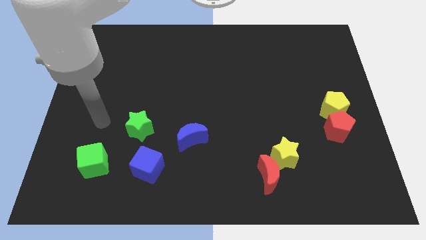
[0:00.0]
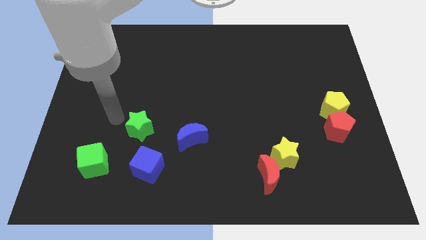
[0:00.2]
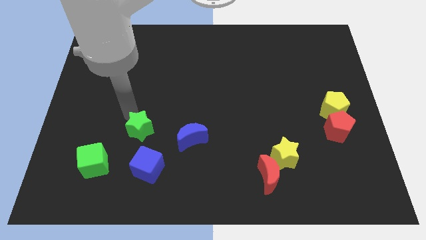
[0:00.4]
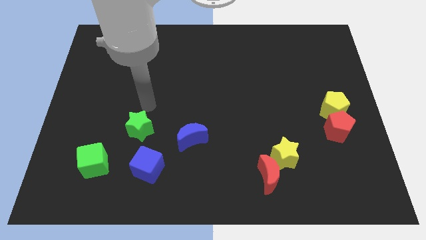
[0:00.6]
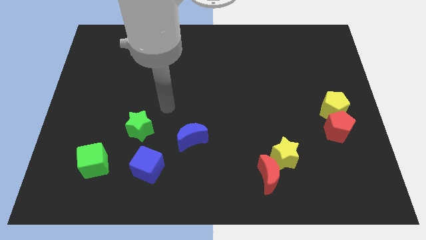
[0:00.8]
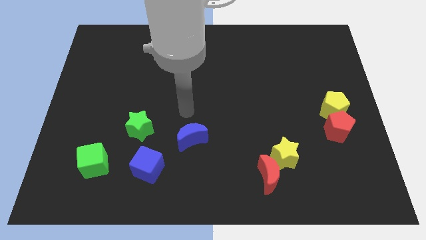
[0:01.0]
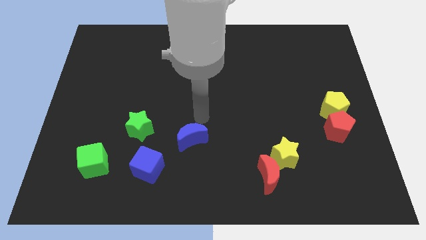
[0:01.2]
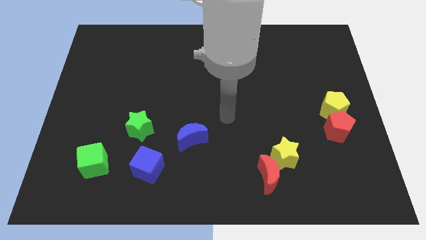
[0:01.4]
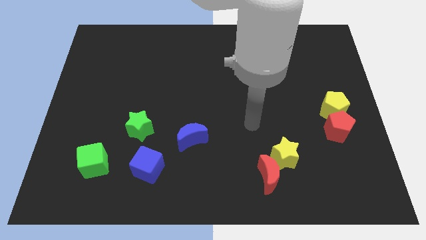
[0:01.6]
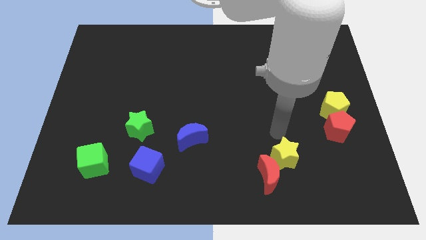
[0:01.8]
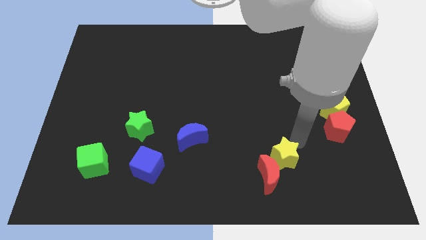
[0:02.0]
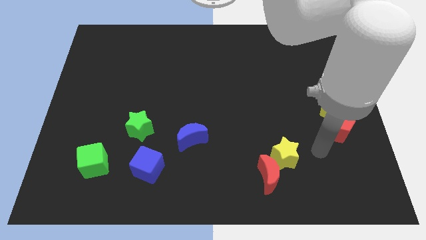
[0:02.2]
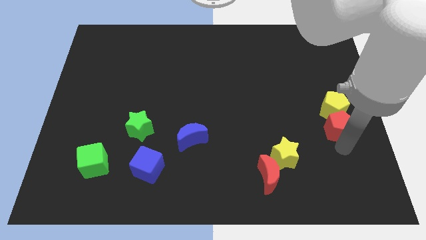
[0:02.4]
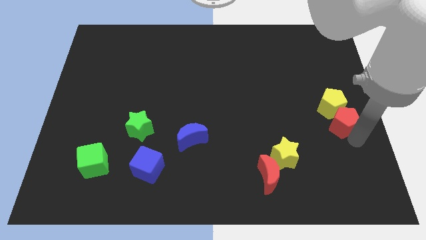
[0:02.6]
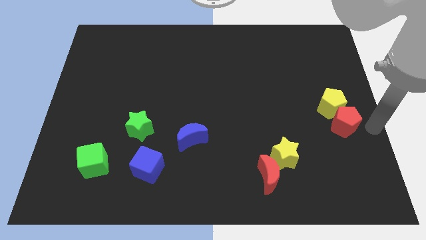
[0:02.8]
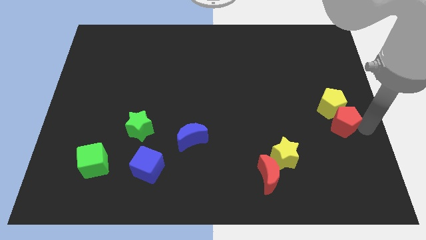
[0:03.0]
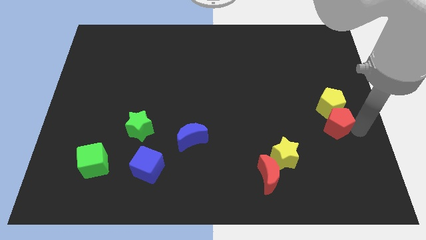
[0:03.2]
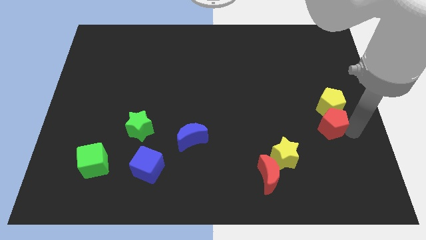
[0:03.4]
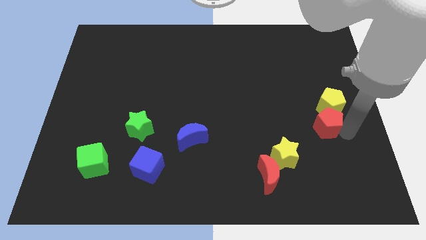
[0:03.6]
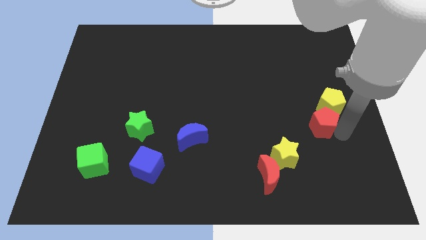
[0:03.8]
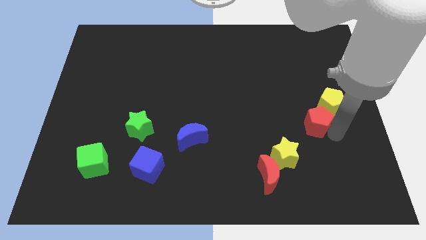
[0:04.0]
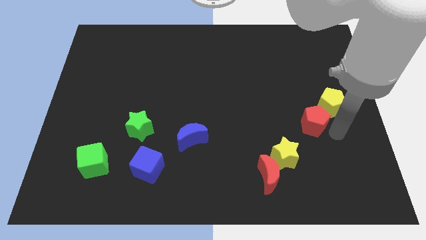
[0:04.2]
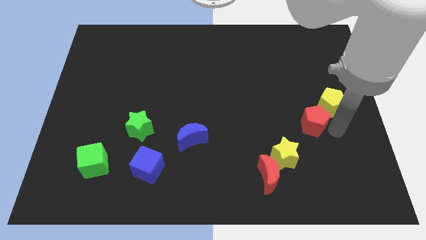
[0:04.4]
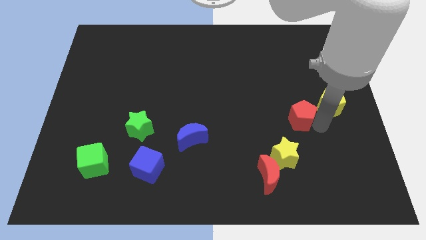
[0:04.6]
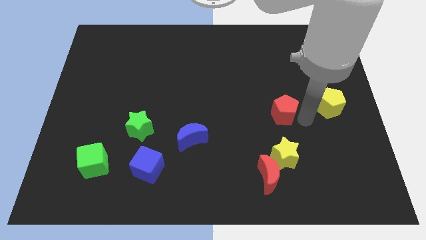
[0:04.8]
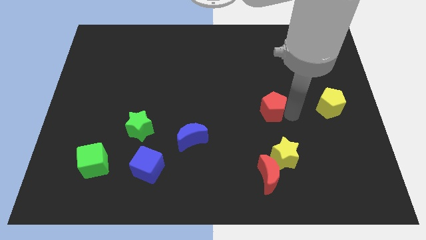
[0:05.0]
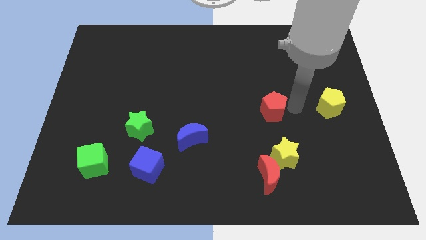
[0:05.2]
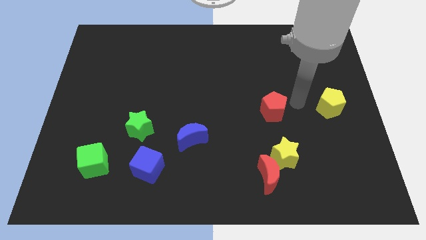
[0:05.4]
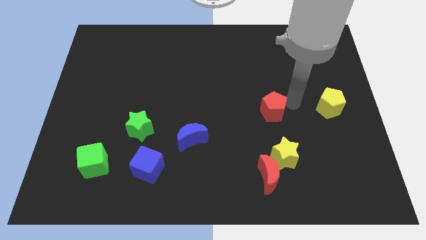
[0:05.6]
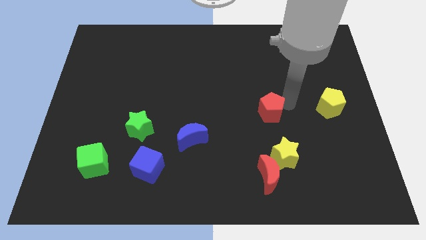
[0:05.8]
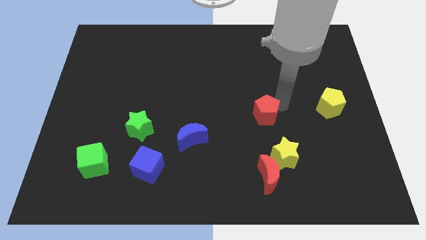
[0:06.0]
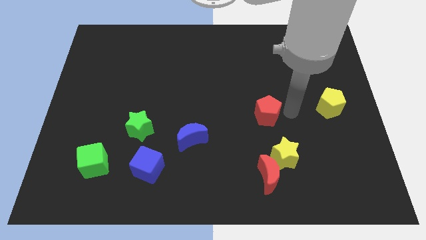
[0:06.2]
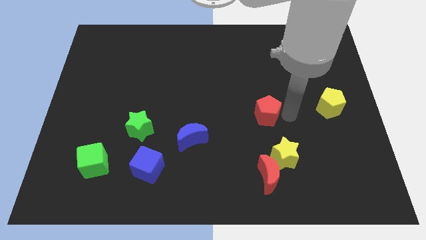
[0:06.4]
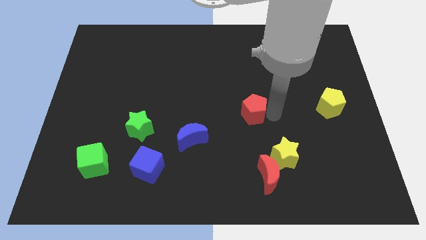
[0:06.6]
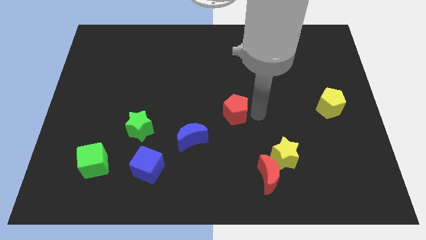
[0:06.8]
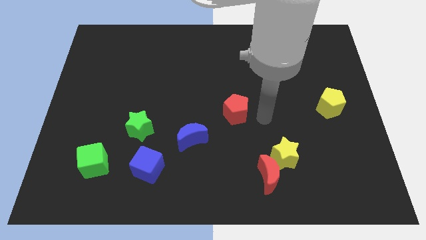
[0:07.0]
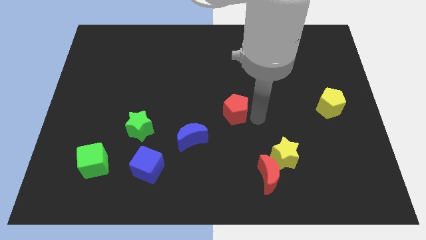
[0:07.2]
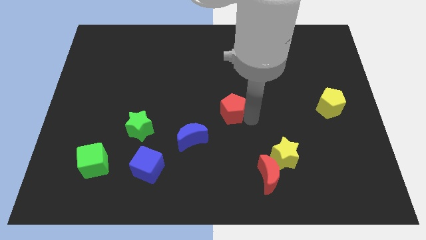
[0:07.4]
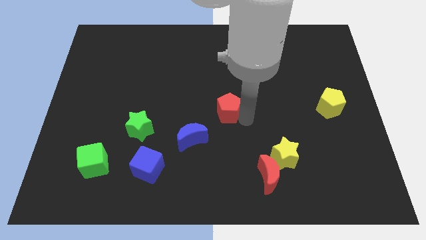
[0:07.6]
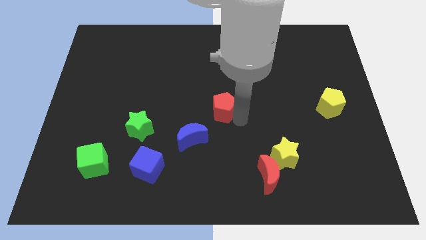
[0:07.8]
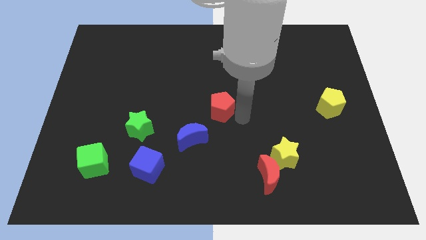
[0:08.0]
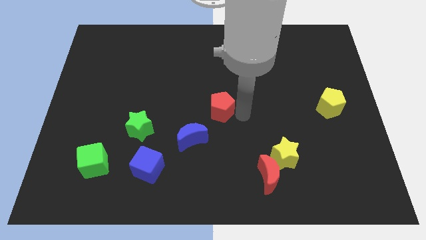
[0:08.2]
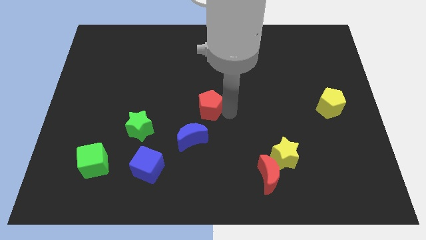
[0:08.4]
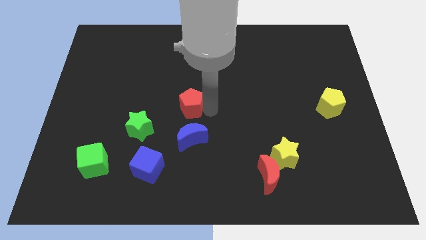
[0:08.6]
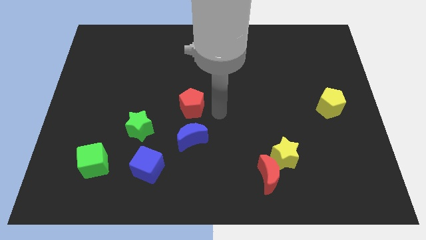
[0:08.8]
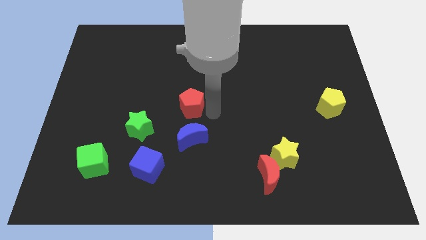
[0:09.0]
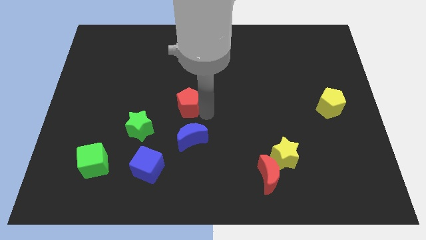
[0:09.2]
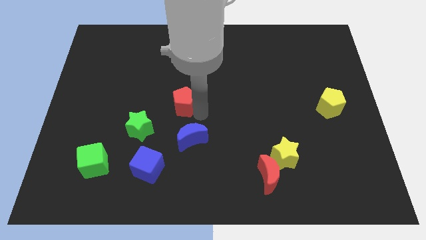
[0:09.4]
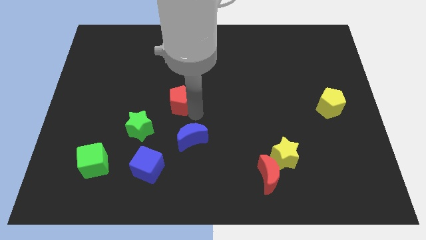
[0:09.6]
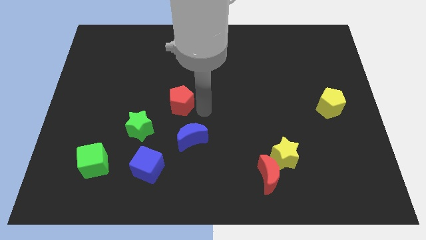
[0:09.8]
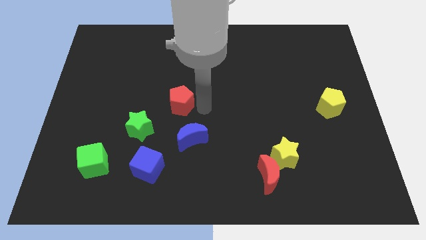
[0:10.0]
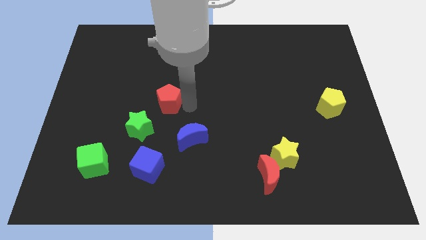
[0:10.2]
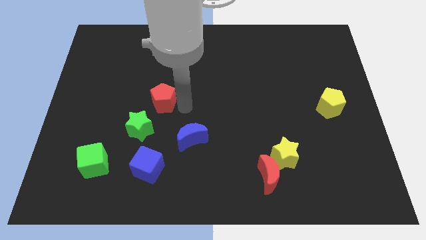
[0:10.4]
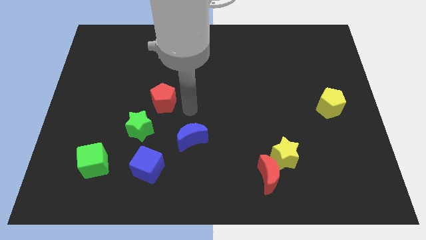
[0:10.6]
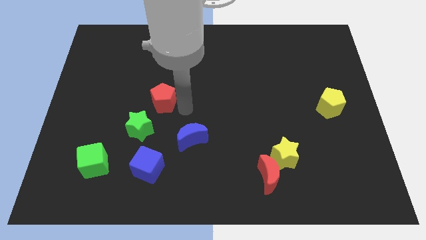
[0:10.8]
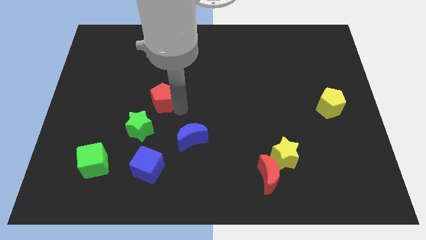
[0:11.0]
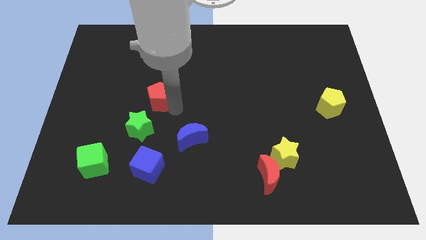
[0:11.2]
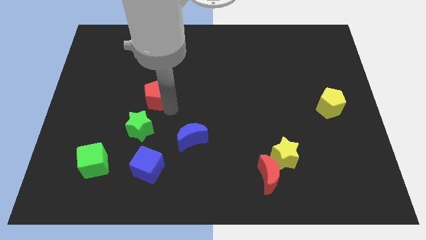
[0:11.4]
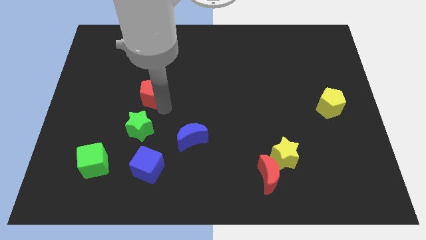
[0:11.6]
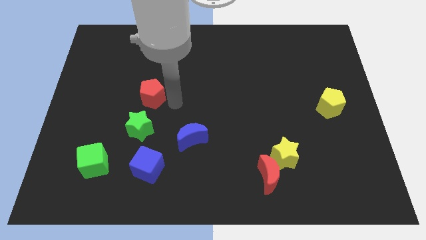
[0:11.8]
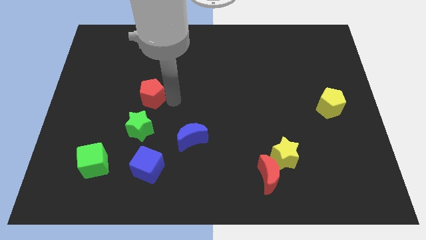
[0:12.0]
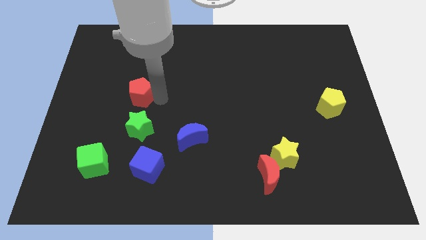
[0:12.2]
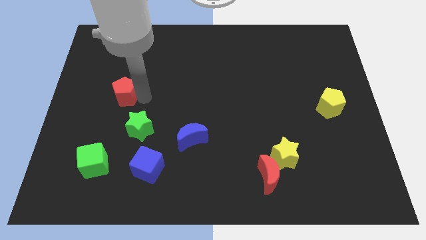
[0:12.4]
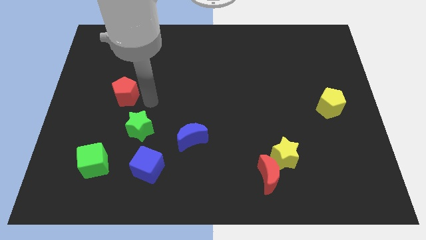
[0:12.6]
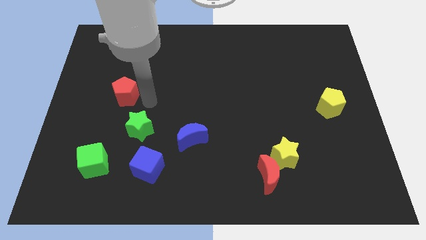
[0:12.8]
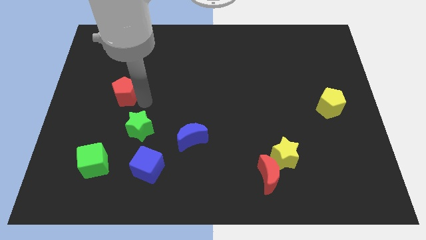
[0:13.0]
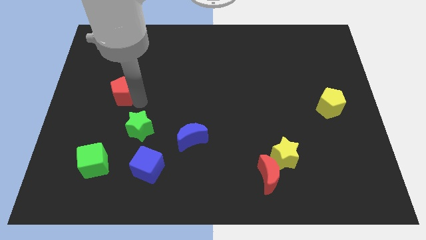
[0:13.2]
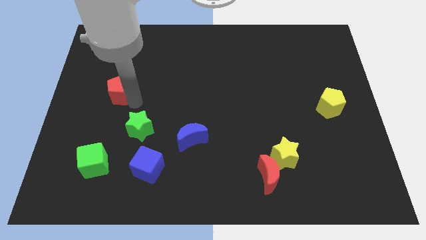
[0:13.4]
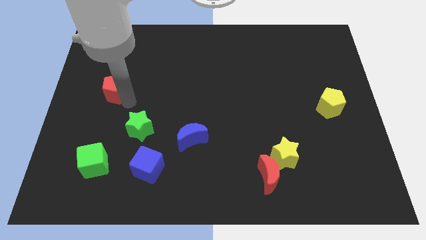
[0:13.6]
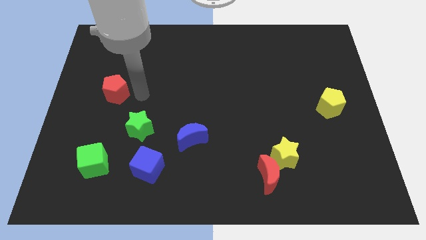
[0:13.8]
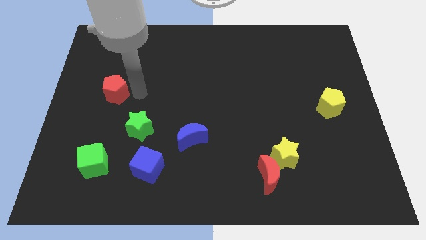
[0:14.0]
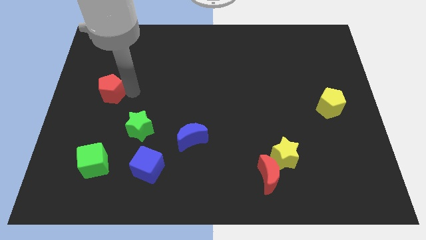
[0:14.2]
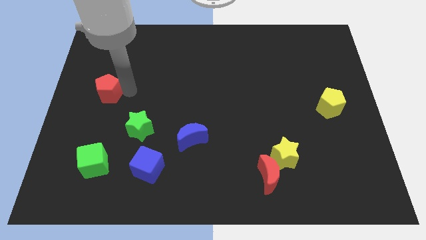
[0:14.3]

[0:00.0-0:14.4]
push the red pentagon to the center left

--------------------------------------------------

● AIM OF THE TASK:
The entries are to be transcribed in full. Their pictures are not.

● EXERCISE RESULT:
[0:00.0]
[0:00.2]
[0:00.4]
[0:00.6]
[0:00.8]
[0:01.0]
[0:01.2]
[0:01.4]
[0:01.6]
[0:01.8]
[0:02.0]
[0:02.2]
[0:02.4]
[0:02.6]
[0:02.8]
[0:03.0]
[0:03.2]
[0:03.4]
[0:03.6]
[0:03.8]
[0:04.0]
[0:04.2]
[0:04.4]
[0:04.6]
[0:04.8]
[0:05.0]
[0:05.2]
[0:05.4]
[0:05.6]
[0:05.8]
[0:06.0]
[0:06.2]
[0:06.4]
[0:06.6]
[0:06.8]
[0:07.0]
[0:07.2]
[0:07.4]
[0:07.6]
[0:07.8]
[0:08.0]
[0:08.2]
[0:08.4]
[0:08.6]
[0:08.8]
[0:09.0]
[0:09.2]
[0:09.4]
[0:09.6]
[0:09.8]
[0:10.0]
[0:10.2]
[0:10.4]
[0:10.6]
[0:10.8]
[0:11.0]
[0:11.2]
[0:11.4]
[0:11.6]
[0:11.8]
[0:12.0]
[0:12.2]
[0:12.4]
[0:12.6]
[0:12.8]
[0:13.0]
[0:13.2]
[0:13.4]
[0:13.6]
[0:13.8]
[0:14.0]
[0:14.2]
[0:14.3]

[0:00.0-0:14.4]
push the red pentagon to the center left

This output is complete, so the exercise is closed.